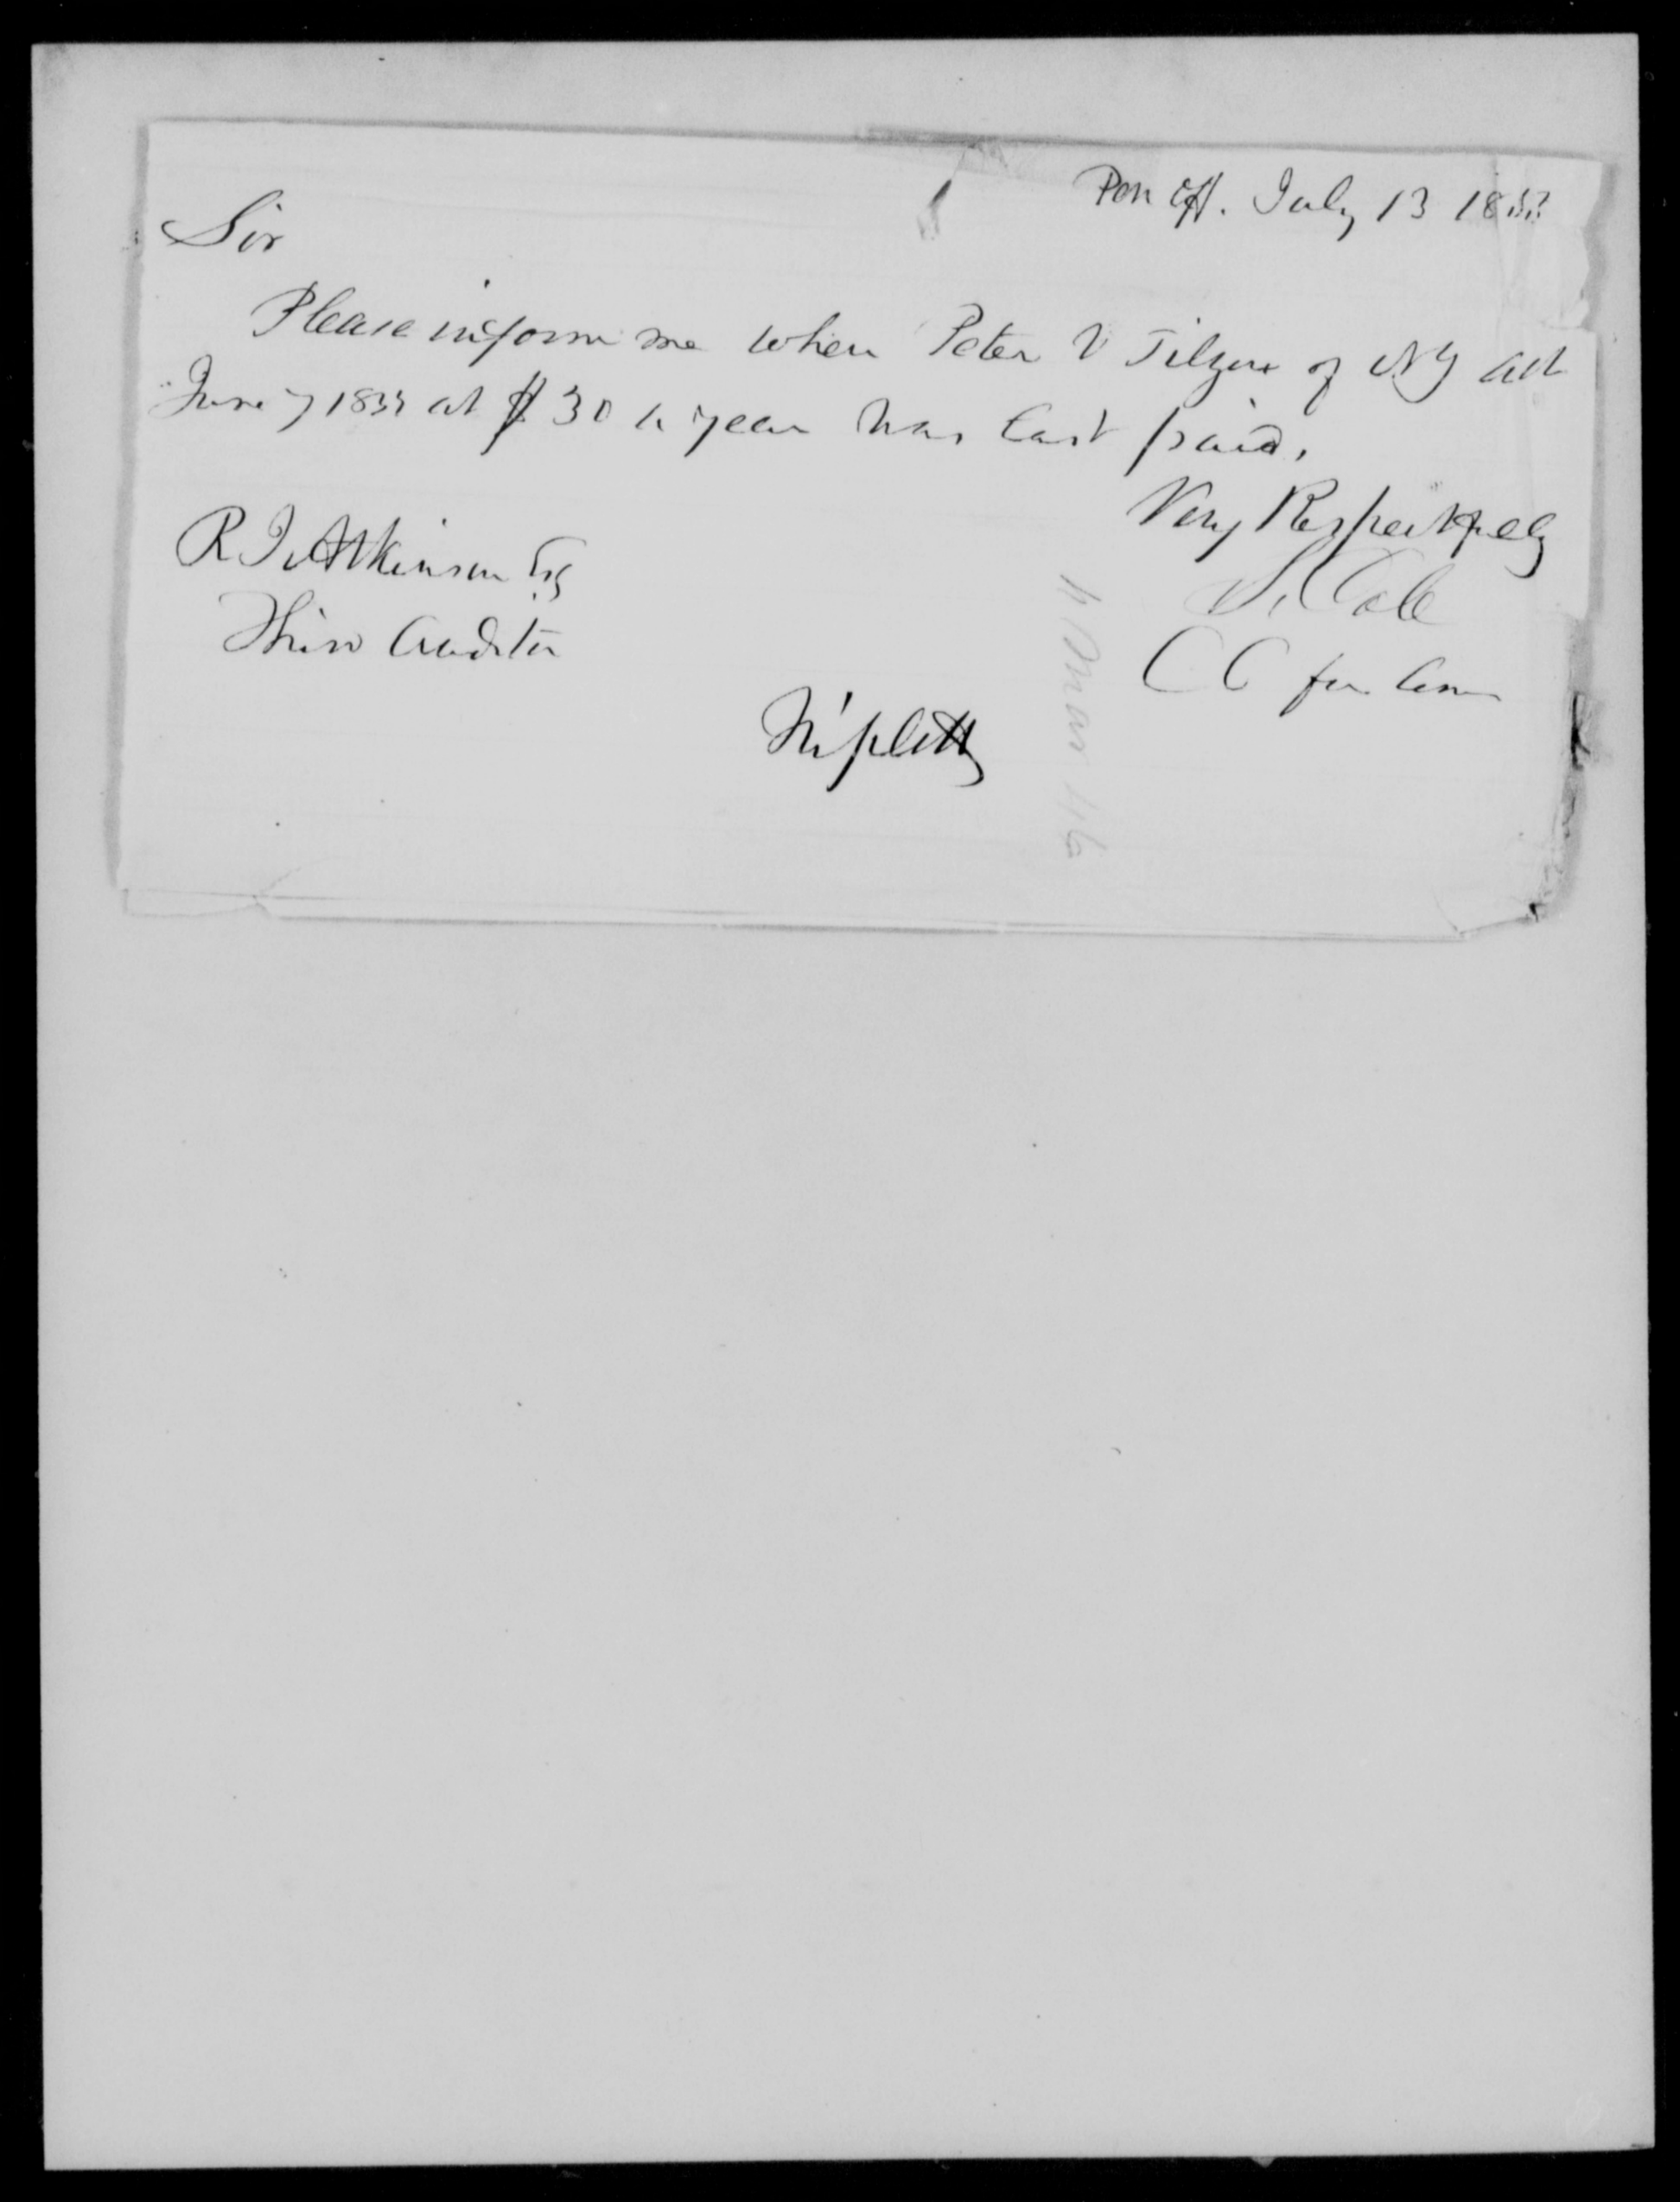Sir
Pon. July 13 1837
2
Please inform me when Peter Viller of NY at
1837 at $30 a year was last paid,
R J Atkinson Esq
Very Respectfully
Then and to
Hale

iplett

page: 49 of 101
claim: widow's
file: W. 25481, for Peter V Tilyou, New Jersey

▬▬▬▬▬▬

Required action> Write out, exactly as shown, only the lines running from the one that contains "Please inform me when Peter Viller of NY at" to the last line above.

Exercise result>
Please inform me when Peter Viller of NY at
1837 at $30 a year was last paid,
R J Atkinson Esq
Very Respectfully
Then and to
Hale

iplett

page: 49 of 101
claim: widow's
file: W. 25481, for Peter V Tilyou, New Jersey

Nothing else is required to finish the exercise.